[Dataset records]
+ + + + +

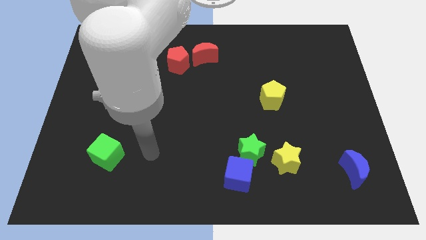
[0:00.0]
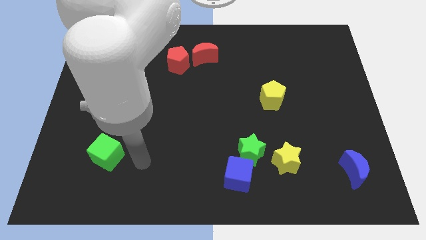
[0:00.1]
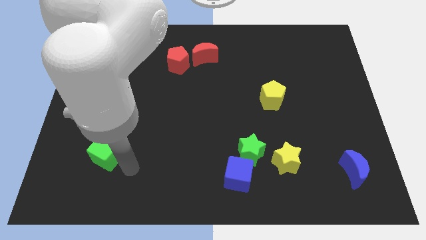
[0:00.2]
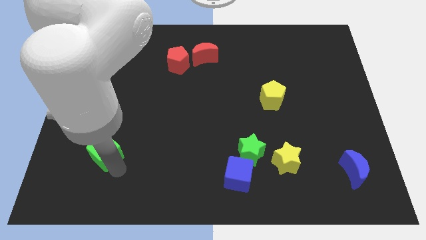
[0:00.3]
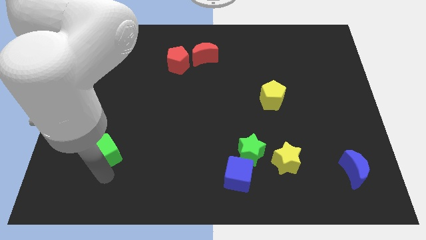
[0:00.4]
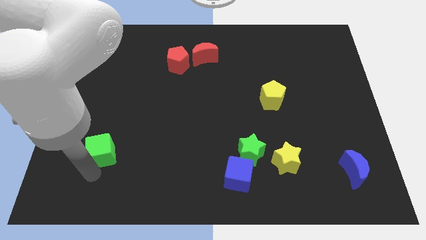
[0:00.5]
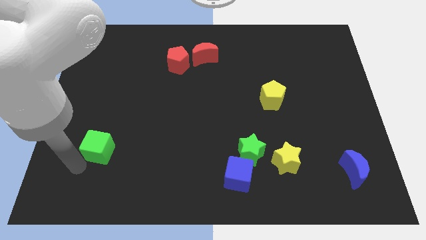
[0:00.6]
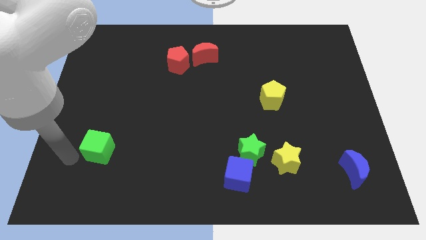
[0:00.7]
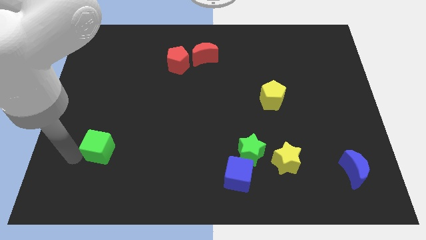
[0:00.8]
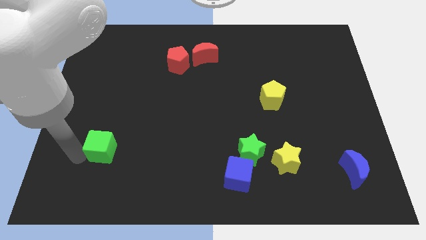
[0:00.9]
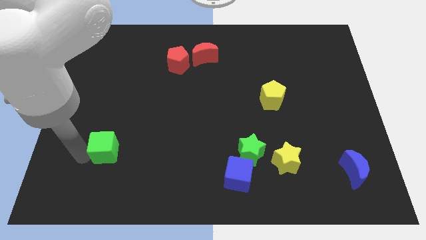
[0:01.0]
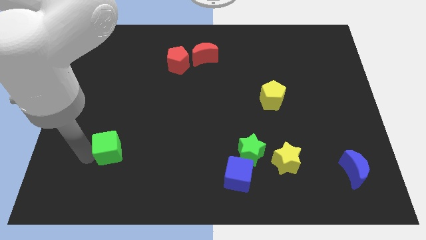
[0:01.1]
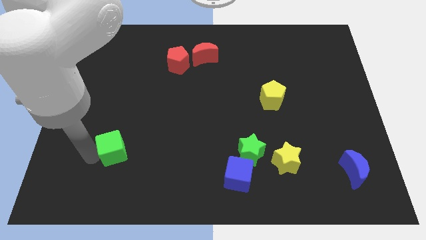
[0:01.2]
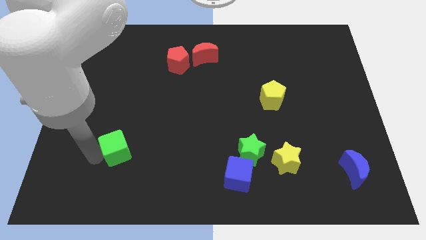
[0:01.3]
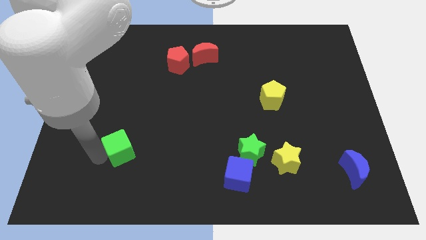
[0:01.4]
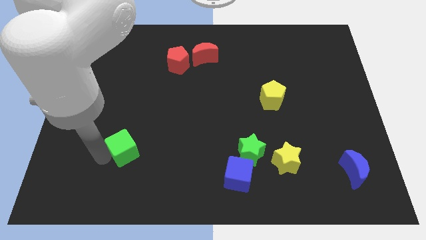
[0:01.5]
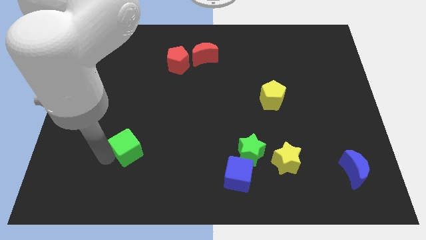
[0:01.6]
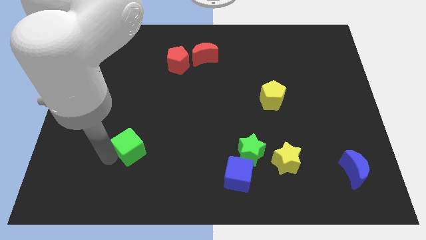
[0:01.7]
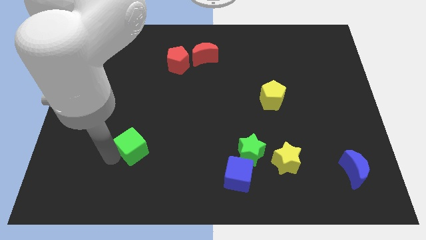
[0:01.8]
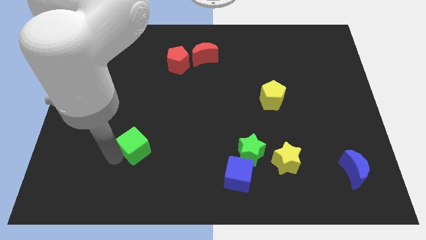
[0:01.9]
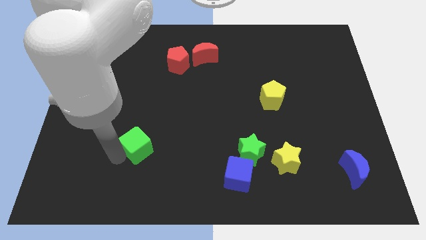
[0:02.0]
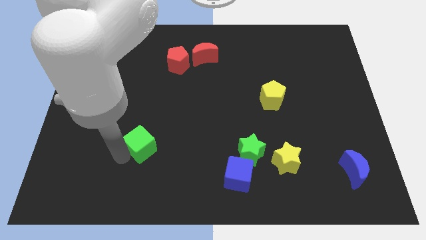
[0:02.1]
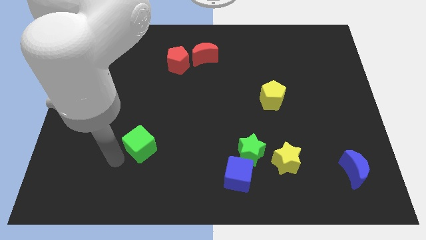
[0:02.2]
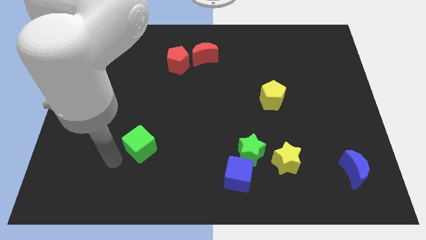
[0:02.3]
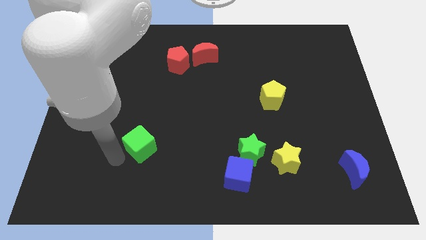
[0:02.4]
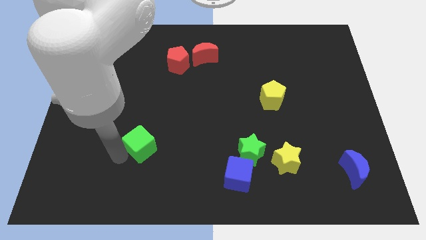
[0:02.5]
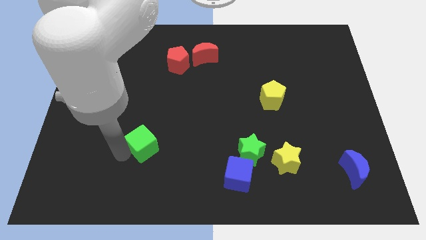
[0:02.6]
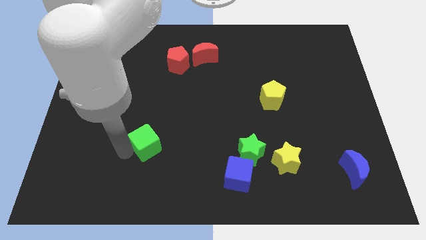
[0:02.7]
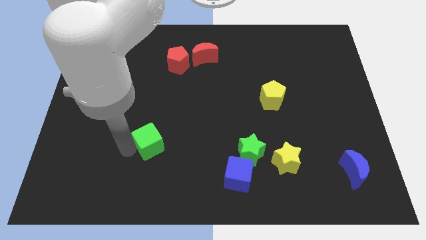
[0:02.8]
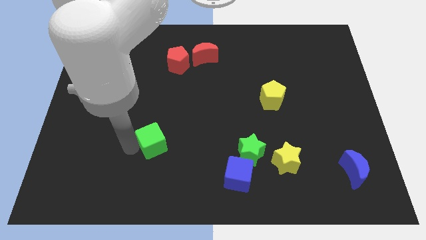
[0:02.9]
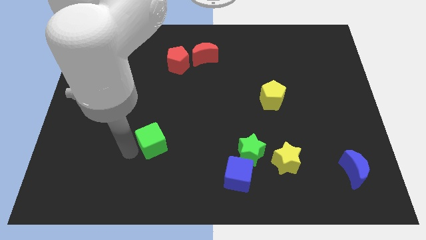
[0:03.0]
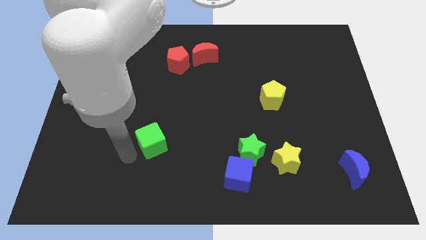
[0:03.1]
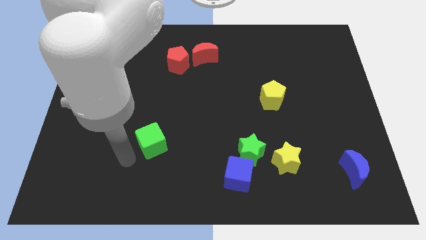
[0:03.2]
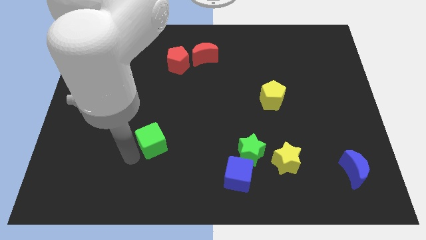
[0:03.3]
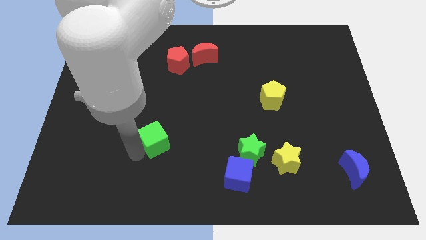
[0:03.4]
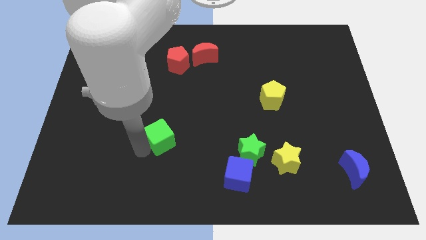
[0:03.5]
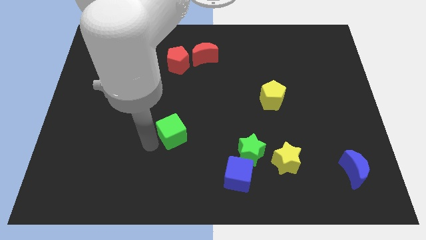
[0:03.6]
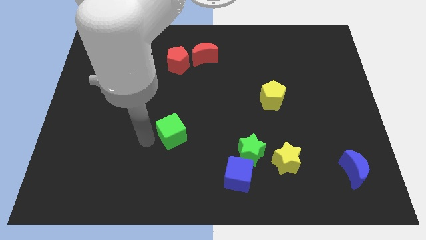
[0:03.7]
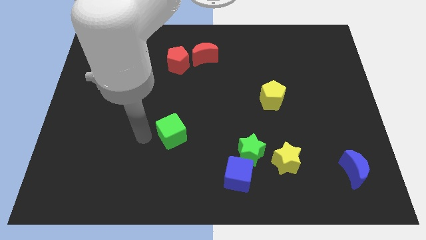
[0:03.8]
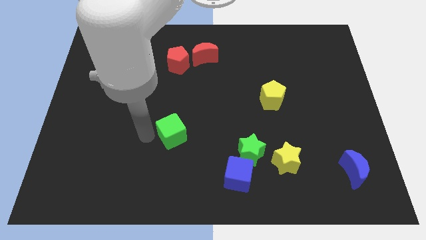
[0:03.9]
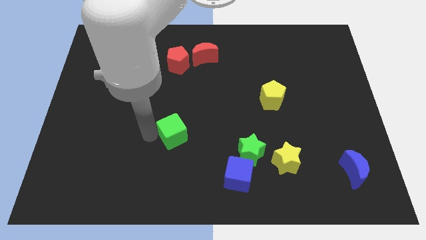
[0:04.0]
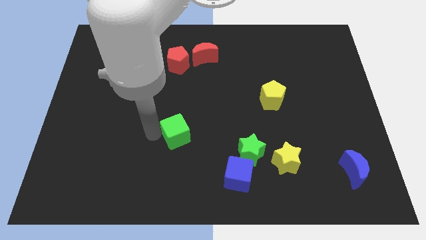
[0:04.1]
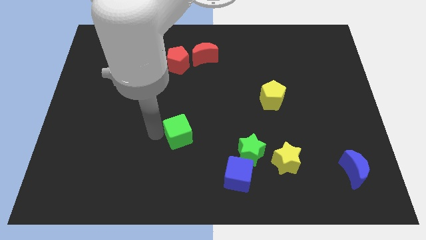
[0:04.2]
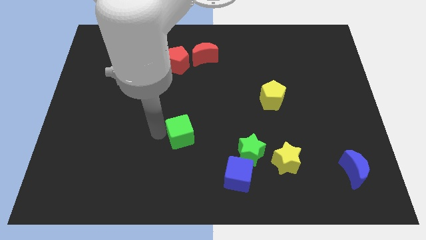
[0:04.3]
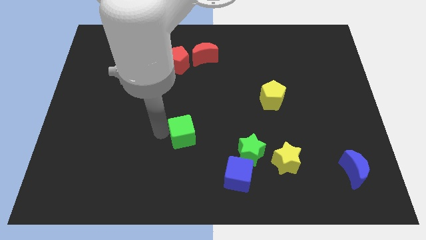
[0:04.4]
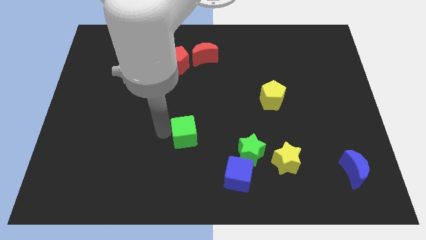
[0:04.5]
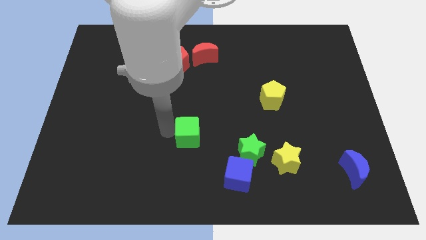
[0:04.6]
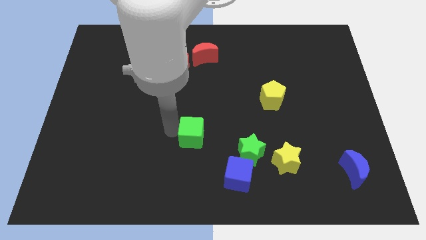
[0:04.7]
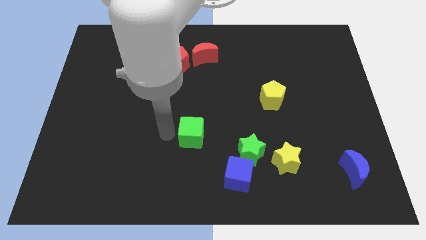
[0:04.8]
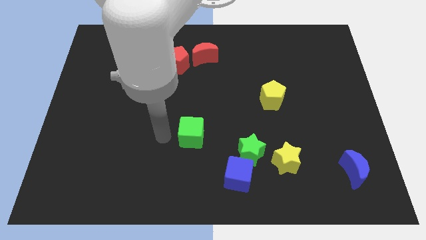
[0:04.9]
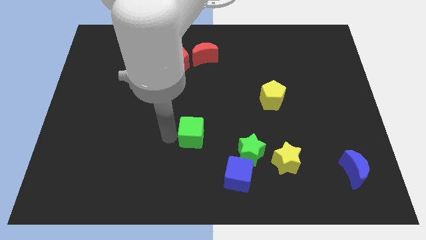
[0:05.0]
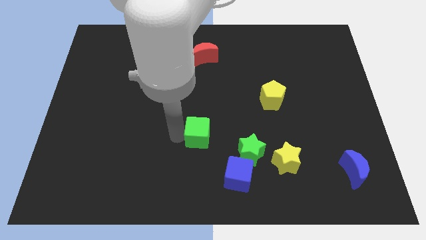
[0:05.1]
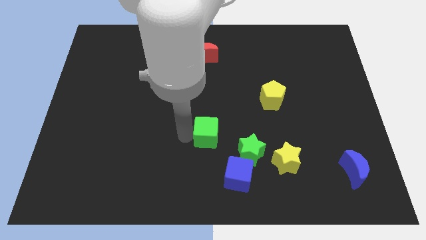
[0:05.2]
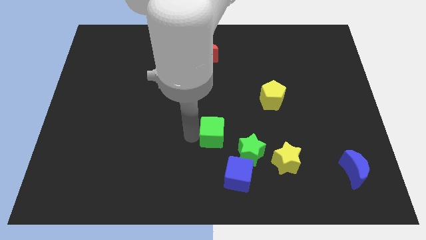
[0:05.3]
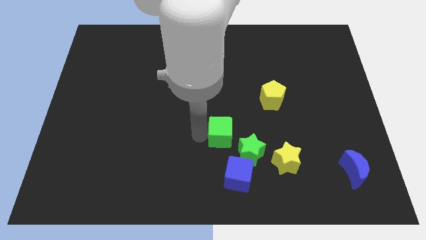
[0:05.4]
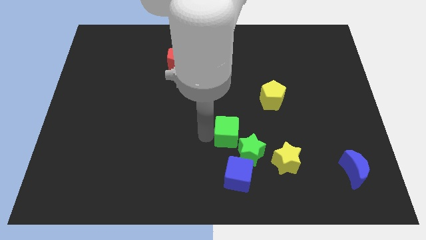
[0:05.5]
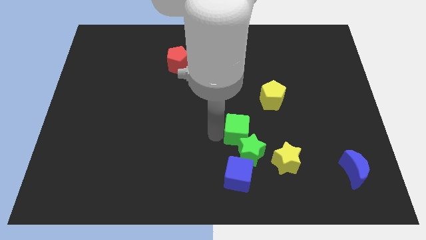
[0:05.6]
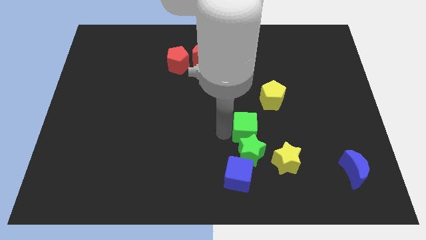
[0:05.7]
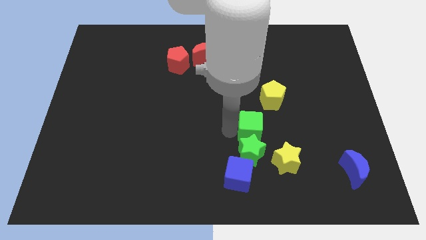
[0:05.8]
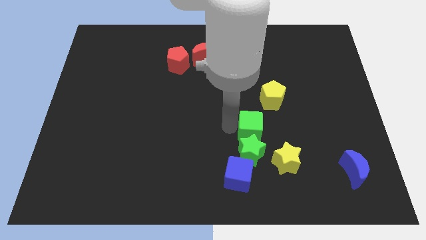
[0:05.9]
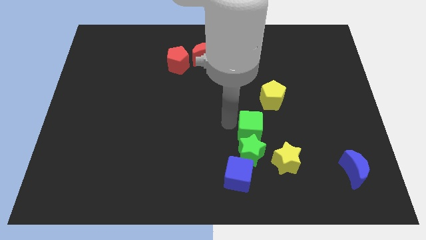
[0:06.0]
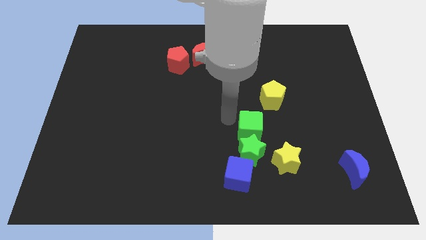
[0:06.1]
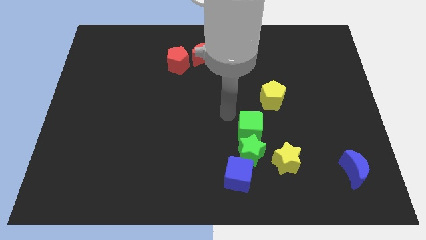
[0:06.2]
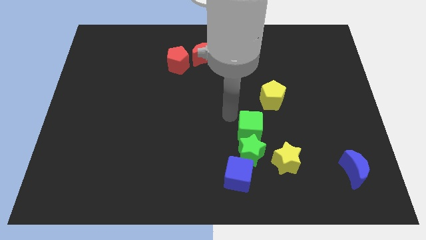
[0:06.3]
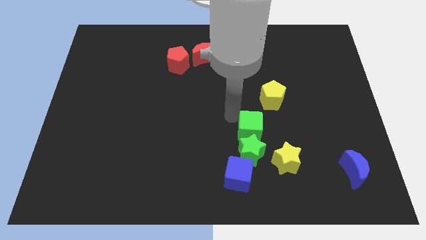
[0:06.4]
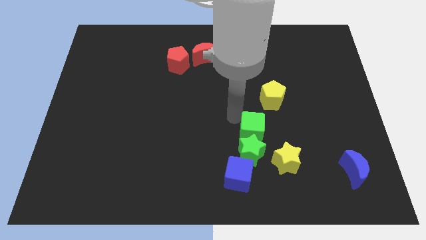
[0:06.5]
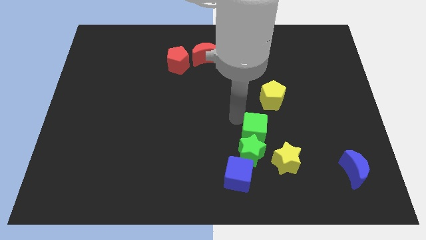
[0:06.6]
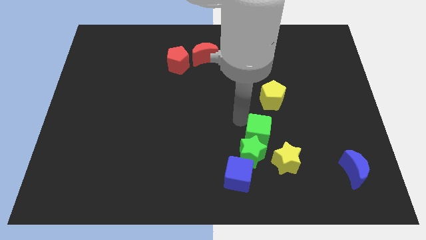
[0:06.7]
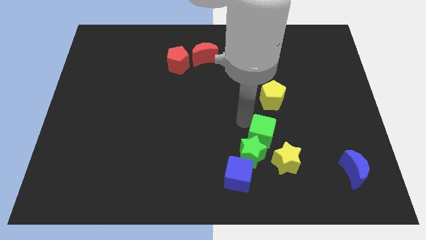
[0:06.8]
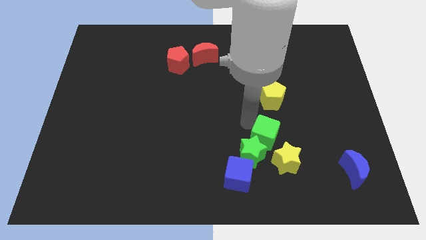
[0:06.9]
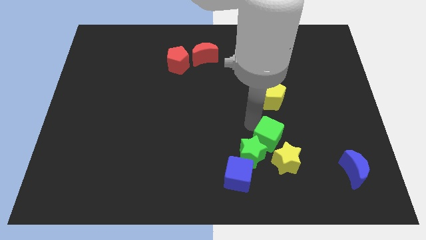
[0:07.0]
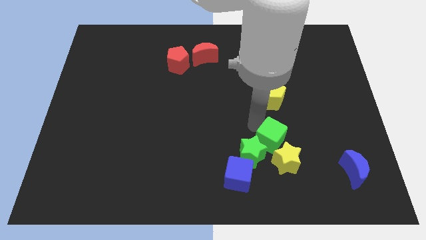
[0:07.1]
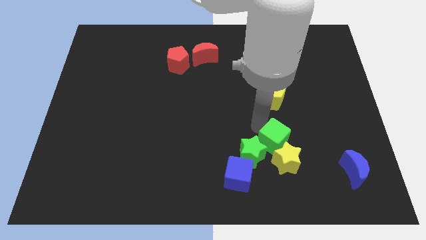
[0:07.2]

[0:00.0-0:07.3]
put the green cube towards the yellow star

+ + + + +

ASSIGNMENT:
I would like the data above transcribed exactly, with its pictures left out.

ANSWER:
[0:00.0]
[0:00.1]
[0:00.2]
[0:00.3]
[0:00.4]
[0:00.5]
[0:00.6]
[0:00.7]
[0:00.8]
[0:00.9]
[0:01.0]
[0:01.1]
[0:01.2]
[0:01.3]
[0:01.4]
[0:01.5]
[0:01.6]
[0:01.7]
[0:01.8]
[0:01.9]
[0:02.0]
[0:02.1]
[0:02.2]
[0:02.3]
[0:02.4]
[0:02.5]
[0:02.6]
[0:02.7]
[0:02.8]
[0:02.9]
[0:03.0]
[0:03.1]
[0:03.2]
[0:03.3]
[0:03.4]
[0:03.5]
[0:03.6]
[0:03.7]
[0:03.8]
[0:03.9]
[0:04.0]
[0:04.1]
[0:04.2]
[0:04.3]
[0:04.4]
[0:04.5]
[0:04.6]
[0:04.7]
[0:04.8]
[0:04.9]
[0:05.0]
[0:05.1]
[0:05.2]
[0:05.3]
[0:05.4]
[0:05.5]
[0:05.6]
[0:05.7]
[0:05.8]
[0:05.9]
[0:06.0]
[0:06.1]
[0:06.2]
[0:06.3]
[0:06.4]
[0:06.5]
[0:06.6]
[0:06.7]
[0:06.8]
[0:06.9]
[0:07.0]
[0:07.1]
[0:07.2]

[0:00.0-0:07.3]
put the green cube towards the yellow star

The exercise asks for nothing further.